Cap Blanc Nez e le sue scogliere di gesso che si riflettono nell'acqua del mare. ©Nohcab

Cap Blanc-Nez, n. 1 delle 10 destinazioni "Sapori del mondo"

Il 3 gennaio 2026 apre il prestigioso quotidiano 'Le Monde' la sua selezione per la “Classifica delle 10 destinazioni 2026” con un reportage eccezionale dedicato al percorso da Cap Gris-Nez a Cap Blanc-Nez. Questa classifica colloca, al vertice, un paesaggio simbolo di Calais e dintorni e conferma la crescente visibilità del territorio sui principali media.

La natura su una SCALA ENORME

Il reportage pubblicato da Le Monde (rubrica Le Goût du Monde) racconta l'esperienza "Tra due promontori" da una prospettiva che va oltre la semplice cartolina: lettura del paesaggio, della geologia, della biodiversità e del rapporto diretto con lo stretto.

Oltre alla visibilità, la pubblicazione costituisce un punto di riferimento per l'ecosistema turistico e culturale locale: testimonia un territorio la cui realtà naturale e offerta di scoperta cominciano a essere proiettate in spazi editoriali autorevoli, dove si creano i desideri di partenza e gli immaginari di destinazione.

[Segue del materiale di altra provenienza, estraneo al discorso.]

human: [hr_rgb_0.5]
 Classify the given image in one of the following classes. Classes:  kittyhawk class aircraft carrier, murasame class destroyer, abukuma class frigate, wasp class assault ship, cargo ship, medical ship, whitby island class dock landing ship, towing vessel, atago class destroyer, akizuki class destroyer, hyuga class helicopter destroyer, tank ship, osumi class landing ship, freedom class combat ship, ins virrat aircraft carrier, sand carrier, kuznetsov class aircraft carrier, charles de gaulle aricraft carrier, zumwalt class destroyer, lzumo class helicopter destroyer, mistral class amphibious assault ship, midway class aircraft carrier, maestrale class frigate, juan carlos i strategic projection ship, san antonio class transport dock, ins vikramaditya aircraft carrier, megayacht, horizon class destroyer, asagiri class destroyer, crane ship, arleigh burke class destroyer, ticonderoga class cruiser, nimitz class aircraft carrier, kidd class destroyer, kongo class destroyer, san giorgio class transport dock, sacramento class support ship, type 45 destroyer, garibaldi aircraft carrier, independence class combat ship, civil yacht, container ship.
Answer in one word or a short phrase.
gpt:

“Da Cap Gris-Nez a Cap Blanc-Nez, un viaggio nel tempo, con il vento in faccia” da leggere sul sito di Le Monde
Veduta della spiaggia con i riflessi dorati del sole autunnale sulle scogliere di Cap Blanc-Nez. ©Nohcab

I Promontori: segni dell'identità del territorio

Mentre l'articolo tratta i Due Promontori e le loro caratteristiche geologiche, porta naturalmente alla luce il Cap Blanc-Nez Come un punto di riferimento naturale: un sito immediatamente identificabile, accessibile a tutti e profondamente associato all'idea di grandi spazi aperti della Costa d'Opale. Questo riconoscimento mediatico è in sintonia con il lavoro svolto negli ultimi due anni nell'ambito del nuovo marchio Calais XXL: elevare alcuni simboli naturali allo status di elementi caratterizzanti, capaci di incarnare la promessa della nostra regione. Cap Blanc-Nez è uno di questi punti di riferimento geografici che strutturano la nostra identità e ci uniscono attorno alla nostra narrazione condivisa.

Scopri Cap Blanc-Nez
Vista aerea di Cap Blanc Nez durante le maree alte eccezionali. Il mare si ritira maggiormente a causa degli alti coefficienti. ©Nohcab
La spiaggia ai piedi del Cap Blanc Nez al tramonto arancione. ©Nohcab

Percorsi, deviazioni e grandi spazi aperti

Una promessa al passo con i tempi

La scelta editoriale del mondo Ciò illustra anche una tendenza fondamentale: il desiderio di disconnettersi, di tornare agli spazi aperti e di viaggiare con maggiore consapevolezza, attraverso passeggiate, giri in bicicletta, osservazione e prendendosi il proprio tempo. È esattamente ciò che incarna il progetto Calais XXL, a partire dal suo portale di destinazione: un invito a scoprire la regione "attraverso viaggi e deviazioni", a prendersi il tempo di collegare i luoghi e a riscoprire l'essenza delle identità locali, tra terra e mare. Il team dell'Ufficio del Turismo offre una varietà di risorse dedicate all'esplorazione della regione del Capo Corso.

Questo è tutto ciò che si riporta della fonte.